__THE PROBLEM__
Every record below must be set down again exactly as given.
+++ DATA PROVIDED
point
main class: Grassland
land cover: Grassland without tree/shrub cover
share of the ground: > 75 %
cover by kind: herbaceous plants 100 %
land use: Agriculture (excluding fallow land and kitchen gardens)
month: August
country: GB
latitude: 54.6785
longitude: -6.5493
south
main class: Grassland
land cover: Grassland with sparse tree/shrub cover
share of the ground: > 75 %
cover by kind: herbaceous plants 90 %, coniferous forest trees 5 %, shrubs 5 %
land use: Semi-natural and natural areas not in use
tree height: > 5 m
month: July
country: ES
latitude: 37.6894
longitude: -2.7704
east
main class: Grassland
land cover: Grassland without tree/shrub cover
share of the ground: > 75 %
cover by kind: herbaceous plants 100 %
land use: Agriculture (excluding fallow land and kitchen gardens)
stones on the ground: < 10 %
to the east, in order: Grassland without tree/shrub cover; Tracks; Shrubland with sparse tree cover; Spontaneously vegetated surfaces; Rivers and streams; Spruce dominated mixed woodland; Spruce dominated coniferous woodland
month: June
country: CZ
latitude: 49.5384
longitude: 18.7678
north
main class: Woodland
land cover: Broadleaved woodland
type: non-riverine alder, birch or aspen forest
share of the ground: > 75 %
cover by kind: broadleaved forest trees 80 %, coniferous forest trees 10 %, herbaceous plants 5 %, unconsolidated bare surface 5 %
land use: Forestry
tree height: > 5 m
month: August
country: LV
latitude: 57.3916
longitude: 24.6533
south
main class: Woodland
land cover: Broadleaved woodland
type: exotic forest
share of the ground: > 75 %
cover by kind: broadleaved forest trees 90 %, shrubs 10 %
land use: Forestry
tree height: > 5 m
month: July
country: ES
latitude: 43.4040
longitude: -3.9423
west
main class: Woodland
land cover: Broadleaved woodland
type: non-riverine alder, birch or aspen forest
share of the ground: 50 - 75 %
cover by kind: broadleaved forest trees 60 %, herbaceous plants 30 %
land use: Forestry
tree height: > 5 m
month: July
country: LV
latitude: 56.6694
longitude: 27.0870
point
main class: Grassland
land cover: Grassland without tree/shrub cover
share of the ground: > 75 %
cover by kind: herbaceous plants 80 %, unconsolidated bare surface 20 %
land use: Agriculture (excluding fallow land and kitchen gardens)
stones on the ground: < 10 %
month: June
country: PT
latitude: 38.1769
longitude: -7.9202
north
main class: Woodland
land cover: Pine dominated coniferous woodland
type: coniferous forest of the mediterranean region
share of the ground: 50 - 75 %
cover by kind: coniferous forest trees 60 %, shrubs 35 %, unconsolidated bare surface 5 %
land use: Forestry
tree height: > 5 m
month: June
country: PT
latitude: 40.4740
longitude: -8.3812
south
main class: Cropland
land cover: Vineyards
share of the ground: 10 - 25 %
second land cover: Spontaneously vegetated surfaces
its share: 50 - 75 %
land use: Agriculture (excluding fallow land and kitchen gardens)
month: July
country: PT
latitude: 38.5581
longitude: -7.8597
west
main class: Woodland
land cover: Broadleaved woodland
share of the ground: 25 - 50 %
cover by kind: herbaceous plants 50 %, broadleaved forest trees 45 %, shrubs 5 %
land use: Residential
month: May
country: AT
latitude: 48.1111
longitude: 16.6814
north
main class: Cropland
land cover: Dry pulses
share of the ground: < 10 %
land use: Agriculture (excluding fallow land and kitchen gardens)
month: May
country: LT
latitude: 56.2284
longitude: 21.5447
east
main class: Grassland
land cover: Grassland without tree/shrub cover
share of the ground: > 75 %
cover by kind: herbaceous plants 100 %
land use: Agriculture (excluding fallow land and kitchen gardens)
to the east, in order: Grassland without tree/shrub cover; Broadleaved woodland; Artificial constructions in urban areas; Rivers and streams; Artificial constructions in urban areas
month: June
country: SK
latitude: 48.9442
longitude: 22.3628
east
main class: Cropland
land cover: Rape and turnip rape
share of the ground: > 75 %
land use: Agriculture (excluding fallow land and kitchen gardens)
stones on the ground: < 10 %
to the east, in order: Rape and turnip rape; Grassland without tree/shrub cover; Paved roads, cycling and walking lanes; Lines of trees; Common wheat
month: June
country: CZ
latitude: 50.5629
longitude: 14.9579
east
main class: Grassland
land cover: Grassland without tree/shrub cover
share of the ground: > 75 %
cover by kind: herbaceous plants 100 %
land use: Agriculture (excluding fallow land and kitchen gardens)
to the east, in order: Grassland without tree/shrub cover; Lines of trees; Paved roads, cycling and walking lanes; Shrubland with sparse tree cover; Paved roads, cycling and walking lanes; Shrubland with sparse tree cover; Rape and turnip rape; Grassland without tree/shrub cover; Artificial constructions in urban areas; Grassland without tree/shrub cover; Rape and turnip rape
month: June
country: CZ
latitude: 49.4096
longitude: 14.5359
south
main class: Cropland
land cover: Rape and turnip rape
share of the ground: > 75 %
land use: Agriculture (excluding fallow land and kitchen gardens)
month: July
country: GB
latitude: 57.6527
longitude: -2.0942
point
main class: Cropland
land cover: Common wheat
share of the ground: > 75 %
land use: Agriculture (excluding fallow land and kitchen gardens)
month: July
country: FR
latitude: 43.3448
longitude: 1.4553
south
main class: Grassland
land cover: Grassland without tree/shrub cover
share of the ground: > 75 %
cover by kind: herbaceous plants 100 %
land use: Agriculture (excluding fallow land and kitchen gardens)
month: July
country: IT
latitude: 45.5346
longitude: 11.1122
++++++
__ANSWER BOX__
point
main class: Grassland
land cover: Grassland without tree/shrub cover
share of the ground: > 75 %
cover by kind: herbaceous plants 100 %
land use: Agriculture (excluding fallow land and kitchen gardens)
month: August
country: GB
latitude: 54.6785
longitude: -6.5493
south
main class: Grassland
land cover: Grassland with sparse tree/shrub cover
share of the ground: > 75 %
cover by kind: herbaceous plants 90 %, coniferous forest trees 5 %, shrubs 5 %
land use: Semi-natural and natural areas not in use
tree height: > 5 m
month: July
country: ES
latitude: 37.6894
longitude: -2.7704
east
main class: Grassland
land cover: Grassland without tree/shrub cover
share of the ground: > 75 %
cover by kind: herbaceous plants 100 %
land use: Agriculture (excluding fallow land and kitchen gardens)
stones on the ground: < 10 %
to the east, in order: Grassland without tree/shrub cover; Tracks; Shrubland with sparse tree cover; Spontaneously vegetated surfaces; Rivers and streams; Spruce dominated mixed woodland; Spruce dominated coniferous woodland
month: June
country: CZ
latitude: 49.5384
longitude: 18.7678
north
main class: Woodland
land cover: Broadleaved woodland
type: non-riverine alder, birch or aspen forest
share of the ground: > 75 %
cover by kind: broadleaved forest trees 80 %, coniferous forest trees 10 %, herbaceous plants 5 %, unconsolidated bare surface 5 %
land use: Forestry
tree height: > 5 m
month: August
country: LV
latitude: 57.3916
longitude: 24.6533
south
main class: Woodland
land cover: Broadleaved woodland
type: exotic forest
share of the ground: > 75 %
cover by kind: broadleaved forest trees 90 %, shrubs 10 %
land use: Forestry
tree height: > 5 m
month: July
country: ES
latitude: 43.4040
longitude: -3.9423
west
main class: Woodland
land cover: Broadleaved woodland
type: non-riverine alder, birch or aspen forest
share of the ground: 50 - 75 %
cover by kind: broadleaved forest trees 60 %, herbaceous plants 30 %
land use: Forestry
tree height: > 5 m
month: July
country: LV
latitude: 56.6694
longitude: 27.0870
point
main class: Grassland
land cover: Grassland without tree/shrub cover
share of the ground: > 75 %
cover by kind: herbaceous plants 80 %, unconsolidated bare surface 20 %
land use: Agriculture (excluding fallow land and kitchen gardens)
stones on the ground: < 10 %
month: June
country: PT
latitude: 38.1769
longitude: -7.9202
north
main class: Woodland
land cover: Pine dominated coniferous woodland
type: coniferous forest of the mediterranean region
share of the ground: 50 - 75 %
cover by kind: coniferous forest trees 60 %, shrubs 35 %, unconsolidated bare surface 5 %
land use: Forestry
tree height: > 5 m
month: June
country: PT
latitude: 40.4740
longitude: -8.3812
south
main class: Cropland
land cover: Vineyards
share of the ground: 10 - 25 %
second land cover: Spontaneously vegetated surfaces
its share: 50 - 75 %
land use: Agriculture (excluding fallow land and kitchen gardens)
month: July
country: PT
latitude: 38.5581
longitude: -7.8597
west
main class: Woodland
land cover: Broadleaved woodland
share of the ground: 25 - 50 %
cover by kind: herbaceous plants 50 %, broadleaved forest trees 45 %, shrubs 5 %
land use: Residential
month: May
country: AT
latitude: 48.1111
longitude: 16.6814
north
main class: Cropland
land cover: Dry pulses
share of the ground: < 10 %
land use: Agriculture (excluding fallow land and kitchen gardens)
month: May
country: LT
latitude: 56.2284
longitude: 21.5447
east
main class: Grassland
land cover: Grassland without tree/shrub cover
share of the ground: > 75 %
cover by kind: herbaceous plants 100 %
land use: Agriculture (excluding fallow land and kitchen gardens)
to the east, in order: Grassland without tree/shrub cover; Broadleaved woodland; Artificial constructions in urban areas; Rivers and streams; Artificial constructions in urban areas
month: June
country: SK
latitude: 48.9442
longitude: 22.3628
east
main class: Cropland
land cover: Rape and turnip rape
share of the ground: > 75 %
land use: Agriculture (excluding fallow land and kitchen gardens)
stones on the ground: < 10 %
to the east, in order: Rape and turnip rape; Grassland without tree/shrub cover; Paved roads, cycling and walking lanes; Lines of trees; Common wheat
month: June
country: CZ
latitude: 50.5629
longitude: 14.9579
east
main class: Grassland
land cover: Grassland without tree/shrub cover
share of the ground: > 75 %
cover by kind: herbaceous plants 100 %
land use: Agriculture (excluding fallow land and kitchen gardens)
to the east, in order: Grassland without tree/shrub cover; Lines of trees; Paved roads, cycling and walking lanes; Shrubland with sparse tree cover; Paved roads, cycling and walking lanes; Shrubland with sparse tree cover; Rape and turnip rape; Grassland without tree/shrub cover; Artificial constructions in urban areas; Grassland without tree/shrub cover; Rape and turnip rape
month: June
country: CZ
latitude: 49.4096
longitude: 14.5359
south
main class: Cropland
land cover: Rape and turnip rape
share of the ground: > 75 %
land use: Agriculture (excluding fallow land and kitchen gardens)
month: July
country: GB
latitude: 57.6527
longitude: -2.0942
point
main class: Cropland
land cover: Common wheat
share of the ground: > 75 %
land use: Agriculture (excluding fallow land and kitchen gardens)
month: July
country: FR
latitude: 43.3448
longitude: 1.4553
south
main class: Grassland
land cover: Grassland without tree/shrub cover
share of the ground: > 75 %
cover by kind: herbaceous plants 100 %
land use: Agriculture (excluding fallow land and kitchen gardens)
month: July
country: IT
latitude: 45.5346
longitude: 11.1122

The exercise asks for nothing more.